◆ ASSIGNMENT
While you copy the lines below, skip the pictures and keep the rest exact.
◆ ◆ ◆
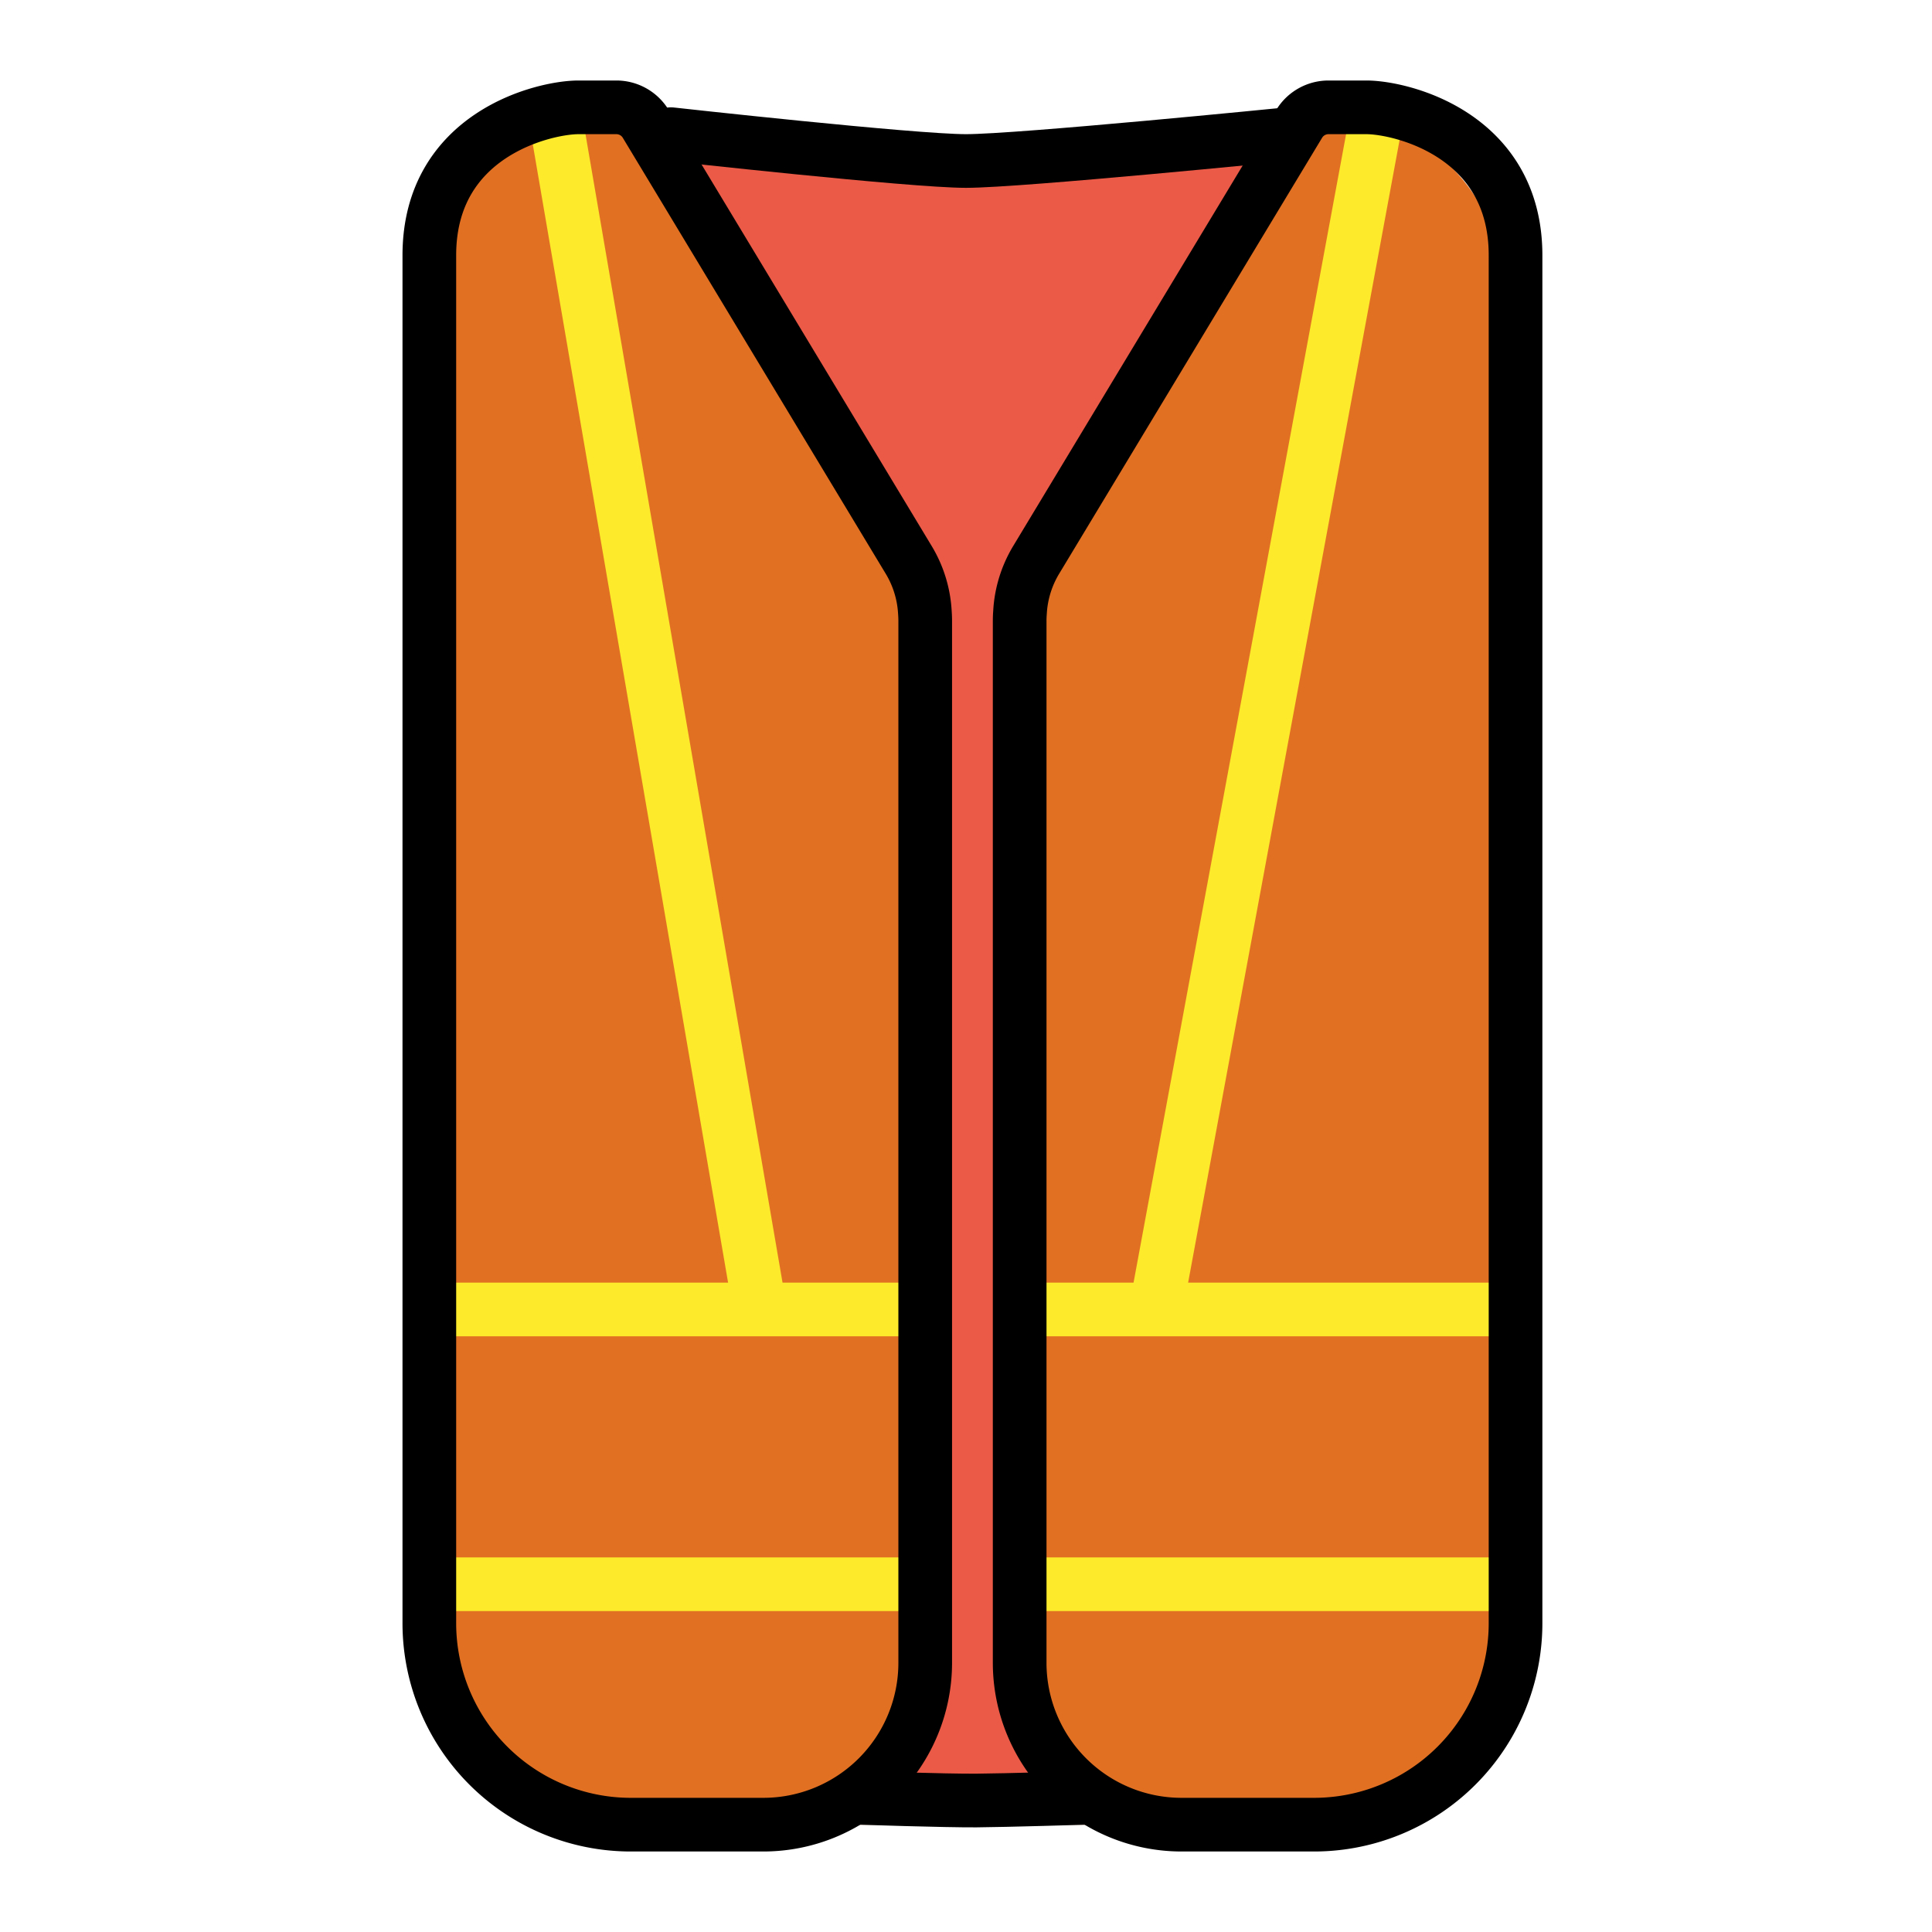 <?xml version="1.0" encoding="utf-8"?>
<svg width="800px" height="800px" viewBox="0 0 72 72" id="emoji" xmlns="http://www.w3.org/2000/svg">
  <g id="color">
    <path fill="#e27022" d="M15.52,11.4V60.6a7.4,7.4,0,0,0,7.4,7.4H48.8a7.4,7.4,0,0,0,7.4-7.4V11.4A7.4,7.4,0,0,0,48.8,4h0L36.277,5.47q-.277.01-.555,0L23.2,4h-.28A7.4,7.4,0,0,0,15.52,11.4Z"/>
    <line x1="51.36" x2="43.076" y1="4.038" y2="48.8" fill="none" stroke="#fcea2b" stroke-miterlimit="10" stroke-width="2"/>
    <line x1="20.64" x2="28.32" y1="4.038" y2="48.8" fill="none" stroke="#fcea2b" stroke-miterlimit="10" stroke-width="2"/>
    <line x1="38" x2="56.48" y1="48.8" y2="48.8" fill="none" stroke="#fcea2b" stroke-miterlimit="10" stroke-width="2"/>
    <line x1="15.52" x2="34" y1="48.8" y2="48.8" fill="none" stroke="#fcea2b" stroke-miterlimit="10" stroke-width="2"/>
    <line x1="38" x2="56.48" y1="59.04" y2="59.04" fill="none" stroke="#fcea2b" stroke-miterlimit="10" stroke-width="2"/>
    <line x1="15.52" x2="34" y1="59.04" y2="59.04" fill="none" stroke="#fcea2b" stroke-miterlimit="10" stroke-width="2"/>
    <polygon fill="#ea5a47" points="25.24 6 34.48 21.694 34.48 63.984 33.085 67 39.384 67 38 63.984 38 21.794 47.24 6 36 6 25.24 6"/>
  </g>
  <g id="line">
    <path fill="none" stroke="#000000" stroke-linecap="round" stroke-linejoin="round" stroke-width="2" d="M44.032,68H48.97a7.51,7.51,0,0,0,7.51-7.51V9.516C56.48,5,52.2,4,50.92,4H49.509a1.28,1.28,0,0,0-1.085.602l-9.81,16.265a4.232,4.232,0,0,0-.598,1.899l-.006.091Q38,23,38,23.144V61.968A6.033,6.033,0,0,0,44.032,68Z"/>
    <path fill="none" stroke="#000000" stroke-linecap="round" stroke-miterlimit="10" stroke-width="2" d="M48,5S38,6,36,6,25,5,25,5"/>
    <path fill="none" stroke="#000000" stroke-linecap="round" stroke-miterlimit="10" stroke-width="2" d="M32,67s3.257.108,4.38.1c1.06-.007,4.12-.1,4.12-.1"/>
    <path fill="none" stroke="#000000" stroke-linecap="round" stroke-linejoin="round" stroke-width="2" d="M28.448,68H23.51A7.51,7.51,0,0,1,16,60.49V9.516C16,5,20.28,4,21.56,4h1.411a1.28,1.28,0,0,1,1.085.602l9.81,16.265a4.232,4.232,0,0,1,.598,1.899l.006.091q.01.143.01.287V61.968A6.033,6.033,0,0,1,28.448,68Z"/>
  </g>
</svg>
◆ ◆ ◆
◆ RESPONSE
 <?xml version="1.0" encoding="utf-8"?>
<svg width="800px" height="800px" viewBox="0 0 72 72" id="emoji" xmlns="http://www.w3.org/2000/svg">
  <g id="color">
    <path fill="#e27022" d="M15.52,11.4V60.6a7.4,7.4,0,0,0,7.4,7.4H48.8a7.4,7.4,0,0,0,7.4-7.4V11.4A7.4,7.4,0,0,0,48.8,4h0L36.277,5.47q-.277.01-.555,0L23.2,4h-.28A7.4,7.4,0,0,0,15.52,11.4Z"/>
    <line x1="51.36" x2="43.076" y1="4.038" y2="48.8" fill="none" stroke="#fcea2b" stroke-miterlimit="10" stroke-width="2"/>
    <line x1="20.64" x2="28.32" y1="4.038" y2="48.8" fill="none" stroke="#fcea2b" stroke-miterlimit="10" stroke-width="2"/>
    <line x1="38" x2="56.48" y1="48.8" y2="48.8" fill="none" stroke="#fcea2b" stroke-miterlimit="10" stroke-width="2"/>
    <line x1="15.52" x2="34" y1="48.8" y2="48.8" fill="none" stroke="#fcea2b" stroke-miterlimit="10" stroke-width="2"/>
    <line x1="38" x2="56.48" y1="59.04" y2="59.04" fill="none" stroke="#fcea2b" stroke-miterlimit="10" stroke-width="2"/>
    <line x1="15.52" x2="34" y1="59.04" y2="59.04" fill="none" stroke="#fcea2b" stroke-miterlimit="10" stroke-width="2"/>
    <polygon fill="#ea5a47" points="25.24 6 34.48 21.694 34.48 63.984 33.085 67 39.384 67 38 63.984 38 21.794 47.24 6 36 6 25.24 6"/>
  </g>
  <g id="line">
    <path fill="none" stroke="#000000" stroke-linecap="round" stroke-linejoin="round" stroke-width="2" d="M44.032,68H48.97a7.51,7.51,0,0,0,7.51-7.51V9.516C56.48,5,52.2,4,50.92,4H49.509a1.28,1.28,0,0,0-1.085.602l-9.81,16.265a4.232,4.232,0,0,0-.598,1.899l-.006.091Q38,23,38,23.144V61.968A6.033,6.033,0,0,0,44.032,68Z"/>
    <path fill="none" stroke="#000000" stroke-linecap="round" stroke-miterlimit="10" stroke-width="2" d="M48,5S38,6,36,6,25,5,25,5"/>
    <path fill="none" stroke="#000000" stroke-linecap="round" stroke-miterlimit="10" stroke-width="2" d="M32,67s3.257.108,4.38.1c1.06-.007,4.12-.1,4.12-.1"/>
    <path fill="none" stroke="#000000" stroke-linecap="round" stroke-linejoin="round" stroke-width="2" d="M28.448,68H23.51A7.51,7.51,0,0,1,16,60.49V9.516C16,5,20.28,4,21.56,4h1.411a1.28,1.28,0,0,1,1.085.602l9.81,16.265a4.232,4.232,0,0,1,.598,1.899l.006.091q.01.143.01.287V61.968A6.033,6.033,0,0,1,28.448,68Z"/>
  </g>
</svg>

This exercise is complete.